What is needed here is an exact copy of all the records below.

◆ **Data to use**:
******************************

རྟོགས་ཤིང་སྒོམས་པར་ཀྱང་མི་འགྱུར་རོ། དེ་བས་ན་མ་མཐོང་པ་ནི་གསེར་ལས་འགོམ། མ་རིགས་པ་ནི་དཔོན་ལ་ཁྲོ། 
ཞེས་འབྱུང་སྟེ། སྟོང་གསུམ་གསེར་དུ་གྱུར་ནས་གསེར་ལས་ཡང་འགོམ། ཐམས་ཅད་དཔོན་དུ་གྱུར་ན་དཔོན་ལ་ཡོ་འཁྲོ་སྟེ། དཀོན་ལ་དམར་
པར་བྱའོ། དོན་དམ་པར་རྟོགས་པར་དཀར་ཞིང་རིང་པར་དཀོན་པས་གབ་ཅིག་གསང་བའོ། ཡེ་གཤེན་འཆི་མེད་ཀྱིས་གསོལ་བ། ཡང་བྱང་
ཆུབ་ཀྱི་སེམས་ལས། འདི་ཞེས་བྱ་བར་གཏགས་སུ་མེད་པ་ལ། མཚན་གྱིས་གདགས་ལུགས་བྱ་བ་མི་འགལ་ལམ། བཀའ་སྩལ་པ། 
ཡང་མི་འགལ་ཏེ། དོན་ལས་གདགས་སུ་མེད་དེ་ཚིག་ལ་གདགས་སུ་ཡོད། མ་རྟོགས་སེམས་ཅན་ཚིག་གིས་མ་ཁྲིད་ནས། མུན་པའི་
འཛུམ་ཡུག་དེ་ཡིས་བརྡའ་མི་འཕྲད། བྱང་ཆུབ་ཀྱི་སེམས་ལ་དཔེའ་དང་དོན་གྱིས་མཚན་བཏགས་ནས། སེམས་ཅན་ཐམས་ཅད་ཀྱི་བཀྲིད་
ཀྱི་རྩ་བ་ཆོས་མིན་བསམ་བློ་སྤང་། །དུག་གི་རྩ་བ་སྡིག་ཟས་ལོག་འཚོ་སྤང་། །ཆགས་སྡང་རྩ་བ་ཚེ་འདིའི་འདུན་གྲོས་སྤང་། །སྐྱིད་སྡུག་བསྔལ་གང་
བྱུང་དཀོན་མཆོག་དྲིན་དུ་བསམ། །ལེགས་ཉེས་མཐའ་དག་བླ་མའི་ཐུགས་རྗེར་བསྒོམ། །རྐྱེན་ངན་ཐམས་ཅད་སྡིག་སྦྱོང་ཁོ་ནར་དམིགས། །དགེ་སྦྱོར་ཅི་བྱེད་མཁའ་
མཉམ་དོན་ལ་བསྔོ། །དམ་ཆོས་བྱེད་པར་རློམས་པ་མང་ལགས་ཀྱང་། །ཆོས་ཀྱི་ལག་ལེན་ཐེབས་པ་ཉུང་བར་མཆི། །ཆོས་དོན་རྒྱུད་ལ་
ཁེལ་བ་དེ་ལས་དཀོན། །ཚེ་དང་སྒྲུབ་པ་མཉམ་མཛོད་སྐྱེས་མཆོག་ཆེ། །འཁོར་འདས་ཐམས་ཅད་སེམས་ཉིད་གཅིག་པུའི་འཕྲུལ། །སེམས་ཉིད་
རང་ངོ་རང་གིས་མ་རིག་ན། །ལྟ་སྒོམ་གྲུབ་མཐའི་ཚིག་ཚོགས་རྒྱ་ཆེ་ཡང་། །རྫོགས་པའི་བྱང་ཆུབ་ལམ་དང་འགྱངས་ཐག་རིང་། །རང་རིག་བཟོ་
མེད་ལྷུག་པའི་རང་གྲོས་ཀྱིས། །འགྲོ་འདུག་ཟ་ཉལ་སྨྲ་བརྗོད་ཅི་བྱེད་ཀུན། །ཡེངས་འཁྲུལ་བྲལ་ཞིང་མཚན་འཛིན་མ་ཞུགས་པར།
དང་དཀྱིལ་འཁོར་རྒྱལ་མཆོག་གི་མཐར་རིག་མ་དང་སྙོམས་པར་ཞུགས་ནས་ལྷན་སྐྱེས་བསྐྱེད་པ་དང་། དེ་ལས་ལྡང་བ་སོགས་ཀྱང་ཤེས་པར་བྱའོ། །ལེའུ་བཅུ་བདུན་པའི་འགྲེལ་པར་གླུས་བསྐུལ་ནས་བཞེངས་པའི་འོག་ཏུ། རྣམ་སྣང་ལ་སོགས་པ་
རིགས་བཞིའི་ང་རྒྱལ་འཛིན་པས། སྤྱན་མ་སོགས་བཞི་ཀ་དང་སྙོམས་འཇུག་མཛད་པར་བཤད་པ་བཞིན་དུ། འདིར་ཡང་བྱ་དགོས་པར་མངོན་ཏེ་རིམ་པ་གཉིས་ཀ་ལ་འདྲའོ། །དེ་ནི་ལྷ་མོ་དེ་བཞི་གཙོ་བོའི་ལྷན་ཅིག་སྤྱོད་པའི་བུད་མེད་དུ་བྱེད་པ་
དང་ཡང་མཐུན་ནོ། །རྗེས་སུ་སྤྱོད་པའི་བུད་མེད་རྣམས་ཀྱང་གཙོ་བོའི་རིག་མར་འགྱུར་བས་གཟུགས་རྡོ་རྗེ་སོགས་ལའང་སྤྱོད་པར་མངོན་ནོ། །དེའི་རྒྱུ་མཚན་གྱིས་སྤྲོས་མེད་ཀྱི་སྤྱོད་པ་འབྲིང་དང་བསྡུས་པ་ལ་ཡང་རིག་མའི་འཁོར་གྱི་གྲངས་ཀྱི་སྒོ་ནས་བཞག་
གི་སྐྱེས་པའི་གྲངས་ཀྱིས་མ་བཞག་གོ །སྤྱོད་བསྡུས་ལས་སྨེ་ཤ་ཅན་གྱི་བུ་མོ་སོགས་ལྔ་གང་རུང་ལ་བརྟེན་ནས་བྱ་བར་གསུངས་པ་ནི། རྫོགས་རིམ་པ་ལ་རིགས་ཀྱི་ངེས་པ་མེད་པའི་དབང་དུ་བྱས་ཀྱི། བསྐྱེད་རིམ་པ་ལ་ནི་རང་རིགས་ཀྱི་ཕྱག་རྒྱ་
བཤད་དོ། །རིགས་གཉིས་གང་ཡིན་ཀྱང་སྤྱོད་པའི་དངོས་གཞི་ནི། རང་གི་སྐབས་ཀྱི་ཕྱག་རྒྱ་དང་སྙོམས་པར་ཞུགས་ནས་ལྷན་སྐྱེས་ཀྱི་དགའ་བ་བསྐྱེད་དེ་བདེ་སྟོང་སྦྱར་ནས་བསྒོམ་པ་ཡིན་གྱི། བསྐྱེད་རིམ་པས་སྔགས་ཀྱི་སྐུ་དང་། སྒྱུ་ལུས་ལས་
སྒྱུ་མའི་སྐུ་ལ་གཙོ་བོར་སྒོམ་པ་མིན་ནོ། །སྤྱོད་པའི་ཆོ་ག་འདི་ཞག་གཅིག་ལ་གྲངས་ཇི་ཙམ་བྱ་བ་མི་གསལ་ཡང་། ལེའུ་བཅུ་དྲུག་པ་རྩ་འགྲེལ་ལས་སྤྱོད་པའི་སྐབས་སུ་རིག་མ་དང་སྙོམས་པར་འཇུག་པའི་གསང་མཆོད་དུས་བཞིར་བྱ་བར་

******************************

◆ **Solution for this exercise**:
རྟོགས་ཤིང་སྒོམས་པར་ཀྱང་མི་འགྱུར་རོ། དེ་བས་ན་མ་མཐོང་པ་ནི་གསེར་ལས་འགོམ། མ་རིགས་པ་ནི་དཔོན་ལ་ཁྲོ། 
ཞེས་འབྱུང་སྟེ། སྟོང་གསུམ་གསེར་དུ་གྱུར་ནས་གསེར་ལས་ཡང་འགོམ། ཐམས་ཅད་དཔོན་དུ་གྱུར་ན་དཔོན་ལ་ཡོ་འཁྲོ་སྟེ། དཀོན་ལ་དམར་
པར་བྱའོ། དོན་དམ་པར་རྟོགས་པར་དཀར་ཞིང་རིང་པར་དཀོན་པས་གབ་ཅིག་གསང་བའོ། ཡེ་གཤེན་འཆི་མེད་ཀྱིས་གསོལ་བ། ཡང་བྱང་
ཆུབ་ཀྱི་སེམས་ལས། འདི་ཞེས་བྱ་བར་གཏགས་སུ་མེད་པ་ལ། མཚན་གྱིས་གདགས་ལུགས་བྱ་བ་མི་འགལ་ལམ། བཀའ་སྩལ་པ། 
ཡང་མི་འགལ་ཏེ། དོན་ལས་གདགས་སུ་མེད་དེ་ཚིག་ལ་གདགས་སུ་ཡོད། མ་རྟོགས་སེམས་ཅན་ཚིག་གིས་མ་ཁྲིད་ནས། མུན་པའི་
འཛུམ་ཡུག་དེ་ཡིས་བརྡའ་མི་འཕྲད། བྱང་ཆུབ་ཀྱི་སེམས་ལ་དཔེའ་དང་དོན་གྱིས་མཚན་བཏགས་ནས། སེམས་ཅན་ཐམས་ཅད་ཀྱི་བཀྲིད་
ཀྱི་རྩ་བ་ཆོས་མིན་བསམ་བློ་སྤང་། །དུག་གི་རྩ་བ་སྡིག་ཟས་ལོག་འཚོ་སྤང་། །ཆགས་སྡང་རྩ་བ་ཚེ་འདིའི་འདུན་གྲོས་སྤང་། །སྐྱིད་སྡུག་བསྔལ་གང་
བྱུང་དཀོན་མཆོག་དྲིན་དུ་བསམ། །ལེགས་ཉེས་མཐའ་དག་བླ་མའི་ཐུགས་རྗེར་བསྒོམ། །རྐྱེན་ངན་ཐམས་ཅད་སྡིག་སྦྱོང་ཁོ་ནར་དམིགས། །དགེ་སྦྱོར་ཅི་བྱེད་མཁའ་
མཉམ་དོན་ལ་བསྔོ། །དམ་ཆོས་བྱེད་པར་རློམས་པ་མང་ལགས་ཀྱང་། །ཆོས་ཀྱི་ལག་ལེན་ཐེབས་པ་ཉུང་བར་མཆི། །ཆོས་དོན་རྒྱུད་ལ་
ཁེལ་བ་དེ་ལས་དཀོན། །ཚེ་དང་སྒྲུབ་པ་མཉམ་མཛོད་སྐྱེས་མཆོག་ཆེ། །འཁོར་འདས་ཐམས་ཅད་སེམས་ཉིད་གཅིག་པུའི་འཕྲུལ། །སེམས་ཉིད་
རང་ངོ་རང་གིས་མ་རིག་ན། །ལྟ་སྒོམ་གྲུབ་མཐའི་ཚིག་ཚོགས་རྒྱ་ཆེ་ཡང་། །རྫོགས་པའི་བྱང་ཆུབ་ལམ་དང་འགྱངས་ཐག་རིང་། །རང་རིག་བཟོ་
མེད་ལྷུག་པའི་རང་གྲོས་ཀྱིས། །འགྲོ་འདུག་ཟ་ཉལ་སྨྲ་བརྗོད་ཅི་བྱེད་ཀུན། །ཡེངས་འཁྲུལ་བྲལ་ཞིང་མཚན་འཛིན་མ་ཞུགས་པར།
དང་དཀྱིལ་འཁོར་རྒྱལ་མཆོག་གི་མཐར་རིག་མ་དང་སྙོམས་པར་ཞུགས་ནས་ལྷན་སྐྱེས་བསྐྱེད་པ་དང་། དེ་ལས་ལྡང་བ་སོགས་ཀྱང་ཤེས་པར་བྱའོ། །ལེའུ་བཅུ་བདུན་པའི་འགྲེལ་པར་གླུས་བསྐུལ་ནས་བཞེངས་པའི་འོག་ཏུ། རྣམ་སྣང་ལ་སོགས་པ་
རིགས་བཞིའི་ང་རྒྱལ་འཛིན་པས། སྤྱན་མ་སོགས་བཞི་ཀ་དང་སྙོམས་འཇུག་མཛད་པར་བཤད་པ་བཞིན་དུ། འདིར་ཡང་བྱ་དགོས་པར་མངོན་ཏེ་རིམ་པ་གཉིས་ཀ་ལ་འདྲའོ། །དེ་ནི་ལྷ་མོ་དེ་བཞི་གཙོ་བོའི་ལྷན་ཅིག་སྤྱོད་པའི་བུད་མེད་དུ་བྱེད་པ་
དང་ཡང་མཐུན་ནོ། །རྗེས་སུ་སྤྱོད་པའི་བུད་མེད་རྣམས་ཀྱང་གཙོ་བོའི་རིག་མར་འགྱུར་བས་གཟུགས་རྡོ་རྗེ་སོགས་ལའང་སྤྱོད་པར་མངོན་ནོ། །དེའི་རྒྱུ་མཚན་གྱིས་སྤྲོས་མེད་ཀྱི་སྤྱོད་པ་འབྲིང་དང་བསྡུས་པ་ལ་ཡང་རིག་མའི་འཁོར་གྱི་གྲངས་ཀྱི་སྒོ་ནས་བཞག་
གི་སྐྱེས་པའི་གྲངས་ཀྱིས་མ་བཞག་གོ །སྤྱོད་བསྡུས་ལས་སྨེ་ཤ་ཅན་གྱི་བུ་མོ་སོགས་ལྔ་གང་རུང་ལ་བརྟེན་ནས་བྱ་བར་གསུངས་པ་ནི། རྫོགས་རིམ་པ་ལ་རིགས་ཀྱི་ངེས་པ་མེད་པའི་དབང་དུ་བྱས་ཀྱི། བསྐྱེད་རིམ་པ་ལ་ནི་རང་རིགས་ཀྱི་ཕྱག་རྒྱ་
བཤད་དོ། །རིགས་གཉིས་གང་ཡིན་ཀྱང་སྤྱོད་པའི་དངོས་གཞི་ནི། རང་གི་སྐབས་ཀྱི་ཕྱག་རྒྱ་དང་སྙོམས་པར་ཞུགས་ནས་ལྷན་སྐྱེས་ཀྱི་དགའ་བ་བསྐྱེད་དེ་བདེ་སྟོང་སྦྱར་ནས་བསྒོམ་པ་ཡིན་གྱི། བསྐྱེད་རིམ་པས་སྔགས་ཀྱི་སྐུ་དང་། སྒྱུ་ལུས་ལས་
སྒྱུ་མའི་སྐུ་ལ་གཙོ་བོར་སྒོམ་པ་མིན་ནོ། །སྤྱོད་པའི་ཆོ་ག་འདི་ཞག་གཅིག་ལ་གྲངས་ཇི་ཙམ་བྱ་བ་མི་གསལ་ཡང་། ལེའུ་བཅུ་དྲུག་པ་རྩ་འགྲེལ་ལས་སྤྱོད་པའི་སྐབས་སུ་རིག་མ་དང་སྙོམས་པར་འཇུག་པའི་གསང་མཆོད་དུས་བཞིར་བྱ་བར་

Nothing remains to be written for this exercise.